DATASET RECORDS section start

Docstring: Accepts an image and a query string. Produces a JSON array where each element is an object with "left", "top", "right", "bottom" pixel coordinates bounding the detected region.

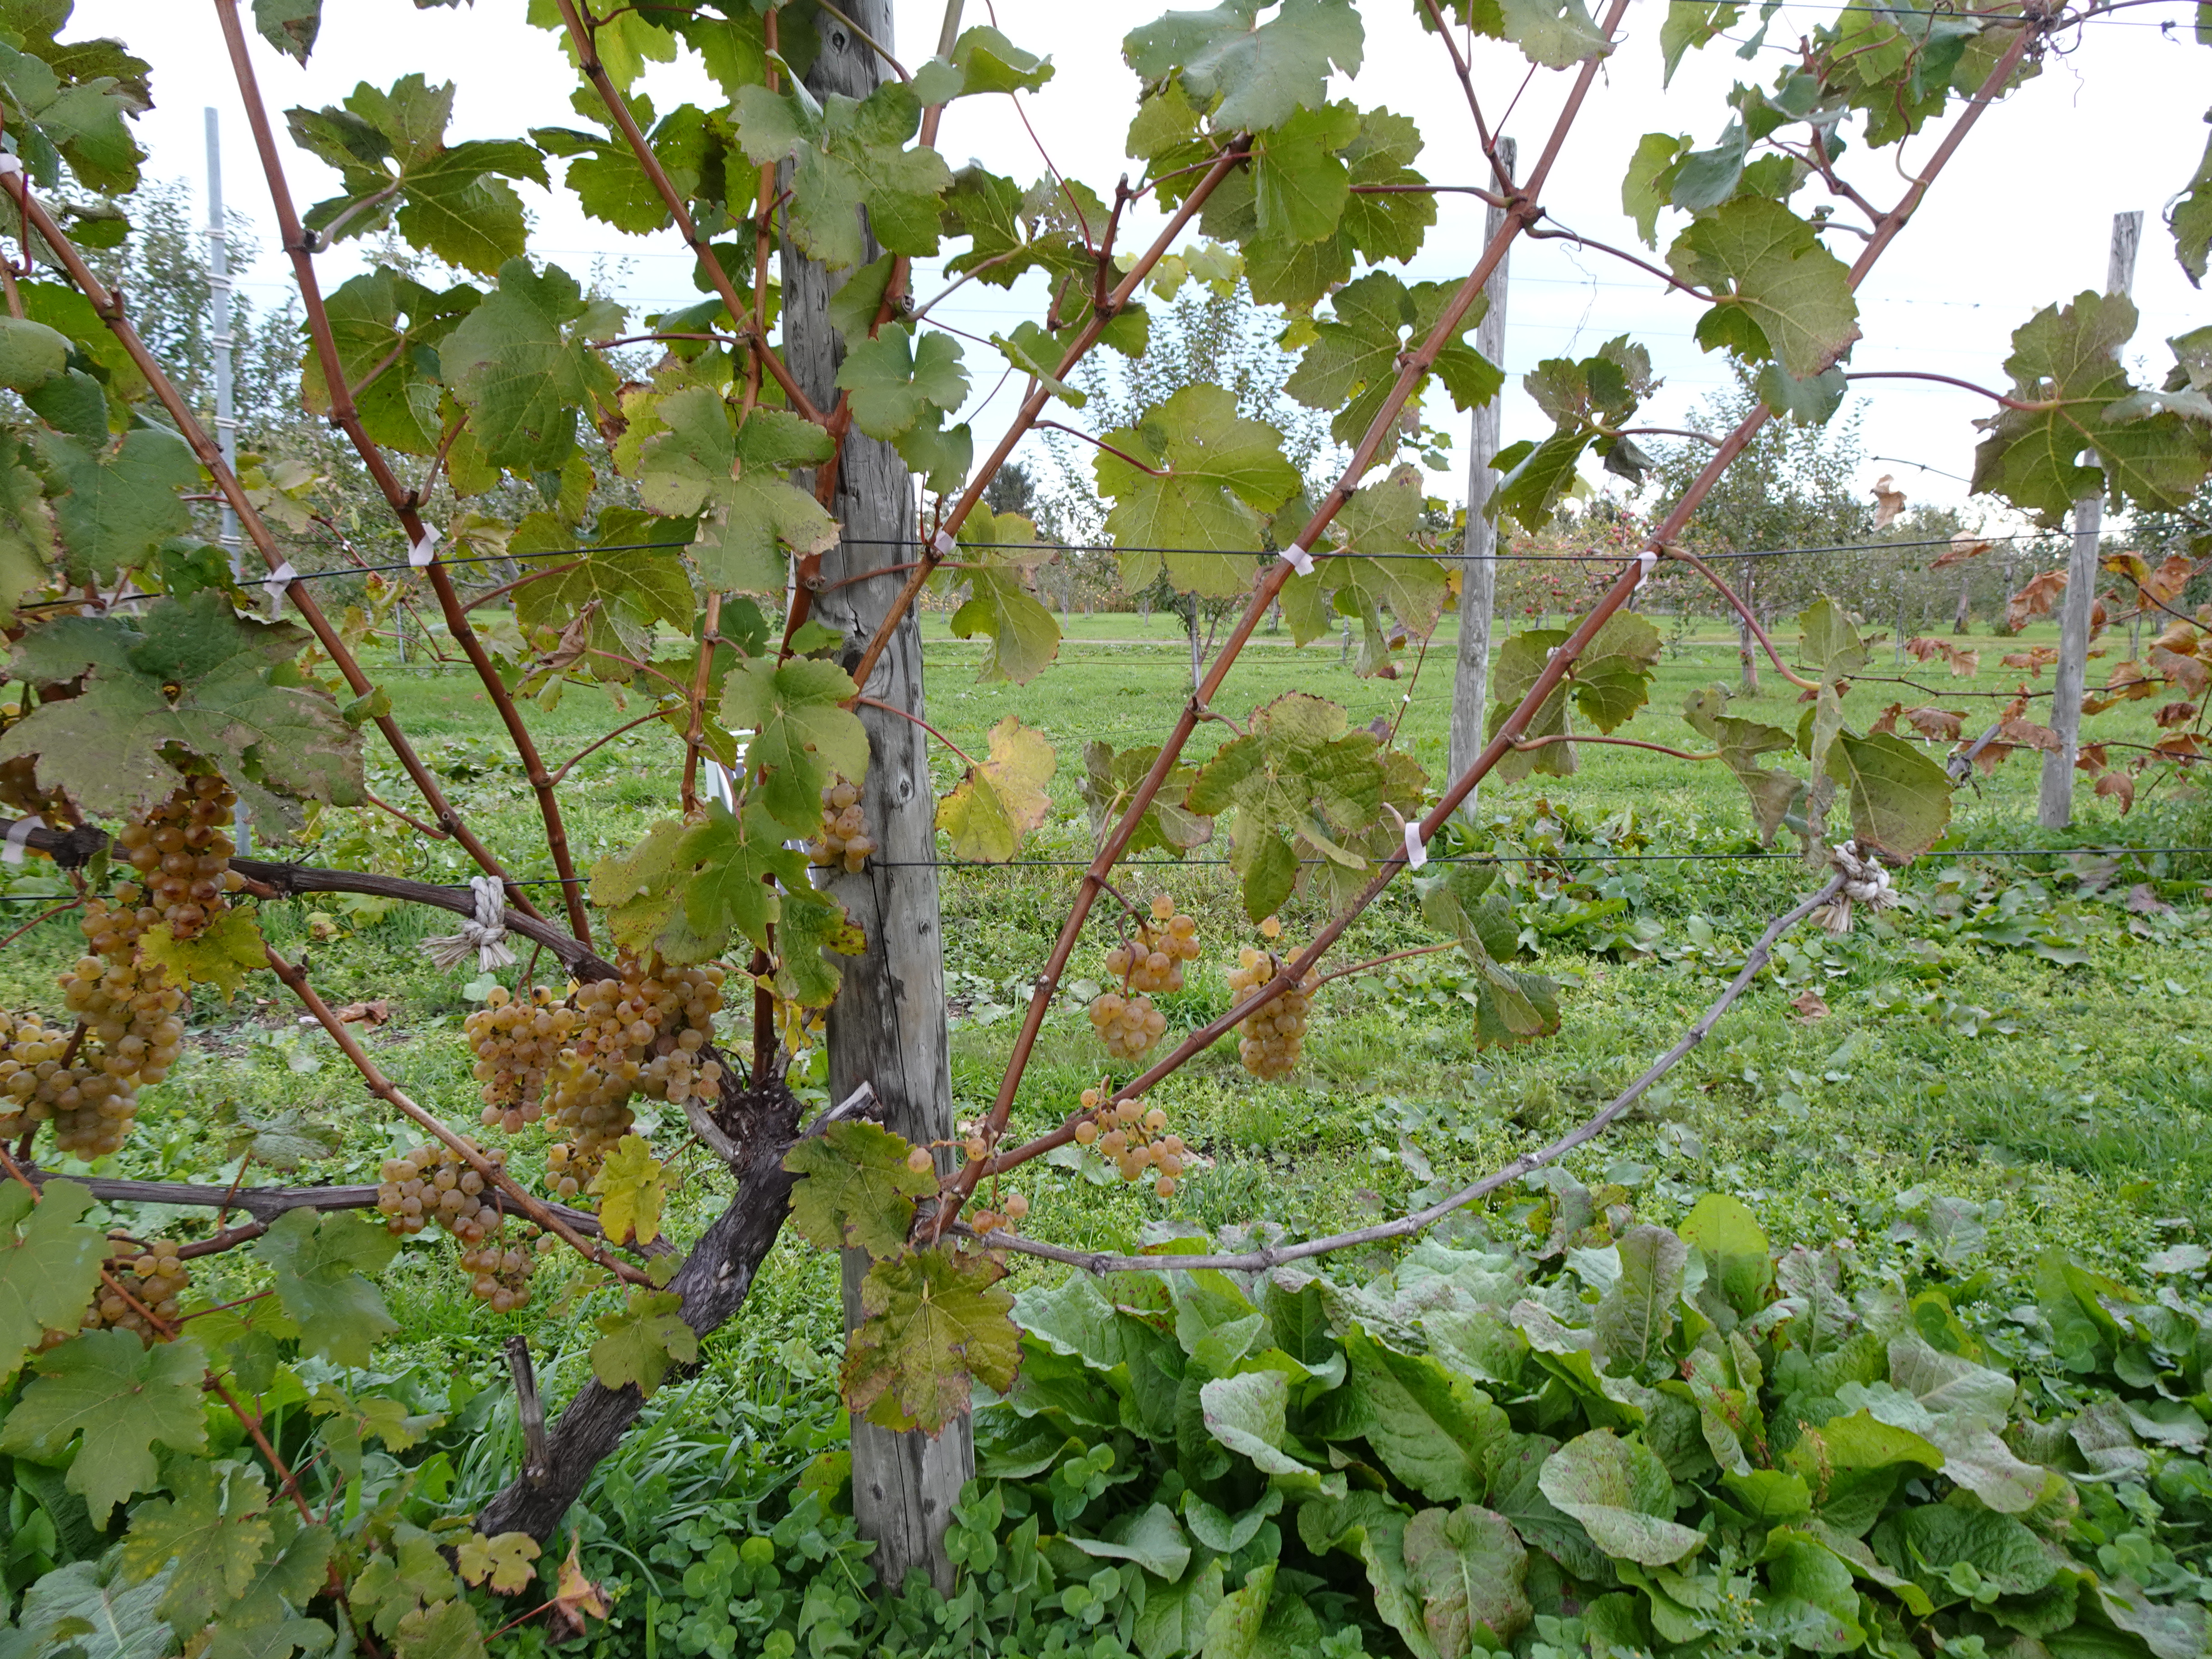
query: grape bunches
[
  {"left": 544, "top": 1144, "right": 611, "bottom": 1215},
  {"left": 807, "top": 771, "right": 867, "bottom": 876},
  {"left": 1228, "top": 917, "right": 1321, "bottom": 1083},
  {"left": 37, "top": 1028, "right": 145, "bottom": 1164},
  {"left": 59, "top": 958, "right": 182, "bottom": 1088},
  {"left": 451, "top": 1207, "right": 555, "bottom": 1312},
  {"left": 542, "top": 1050, "right": 636, "bottom": 1157},
  {"left": 119, "top": 773, "right": 246, "bottom": 941},
  {"left": 908, "top": 1138, "right": 1030, "bottom": 1237},
  {"left": 424, "top": 1140, "right": 507, "bottom": 1228},
  {"left": 378, "top": 1143, "right": 433, "bottom": 1229},
  {"left": 615, "top": 947, "right": 727, "bottom": 1104},
  {"left": 1105, "top": 894, "right": 1203, "bottom": 993},
  {"left": 463, "top": 985, "right": 574, "bottom": 1134},
  {"left": 1089, "top": 993, "right": 1168, "bottom": 1064},
  {"left": 79, "top": 880, "right": 168, "bottom": 993},
  {"left": 0, "top": 1007, "right": 67, "bottom": 1143},
  {"left": 1077, "top": 1089, "right": 1183, "bottom": 1198},
  {"left": 80, "top": 1236, "right": 194, "bottom": 1352},
  {"left": 566, "top": 975, "right": 664, "bottom": 1074}
]
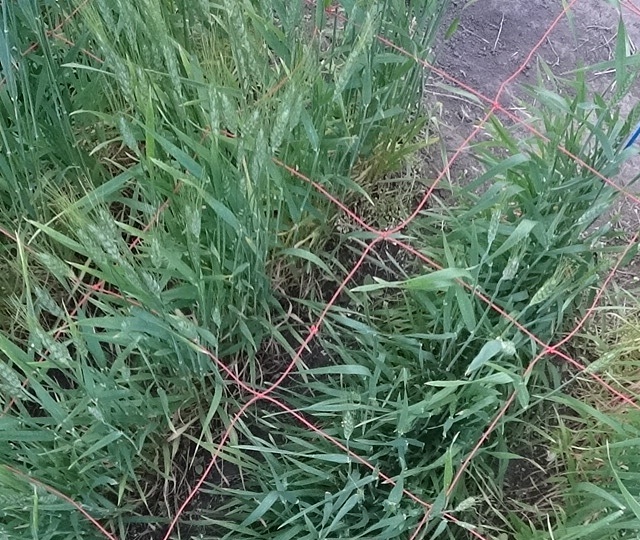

DATASET RECORDS section end

- _TASK OBJECTIVE_:
Omit every image. Quote each record exactly.

- _RESPONSE AREA_:
Docstring: Accepts an image and a query string. Produces a JSON array where each element is an object with "left", "top", "right", "bottom" pixel coordinates bounding the detected region.

query: grape bunches
[
  {"left": 544, "top": 1144, "right": 611, "bottom": 1215},
  {"left": 807, "top": 771, "right": 867, "bottom": 876},
  {"left": 1228, "top": 917, "right": 1321, "bottom": 1083},
  {"left": 37, "top": 1028, "right": 145, "bottom": 1164},
  {"left": 59, "top": 958, "right": 182, "bottom": 1088},
  {"left": 451, "top": 1207, "right": 555, "bottom": 1312},
  {"left": 542, "top": 1050, "right": 636, "bottom": 1157},
  {"left": 119, "top": 773, "right": 246, "bottom": 941},
  {"left": 908, "top": 1138, "right": 1030, "bottom": 1237},
  {"left": 424, "top": 1140, "right": 507, "bottom": 1228},
  {"left": 378, "top": 1143, "right": 433, "bottom": 1229},
  {"left": 615, "top": 947, "right": 727, "bottom": 1104},
  {"left": 1105, "top": 894, "right": 1203, "bottom": 993},
  {"left": 463, "top": 985, "right": 574, "bottom": 1134},
  {"left": 1089, "top": 993, "right": 1168, "bottom": 1064},
  {"left": 79, "top": 880, "right": 168, "bottom": 993},
  {"left": 0, "top": 1007, "right": 67, "bottom": 1143},
  {"left": 1077, "top": 1089, "right": 1183, "bottom": 1198},
  {"left": 80, "top": 1236, "right": 194, "bottom": 1352},
  {"left": 566, "top": 975, "right": 664, "bottom": 1074}
]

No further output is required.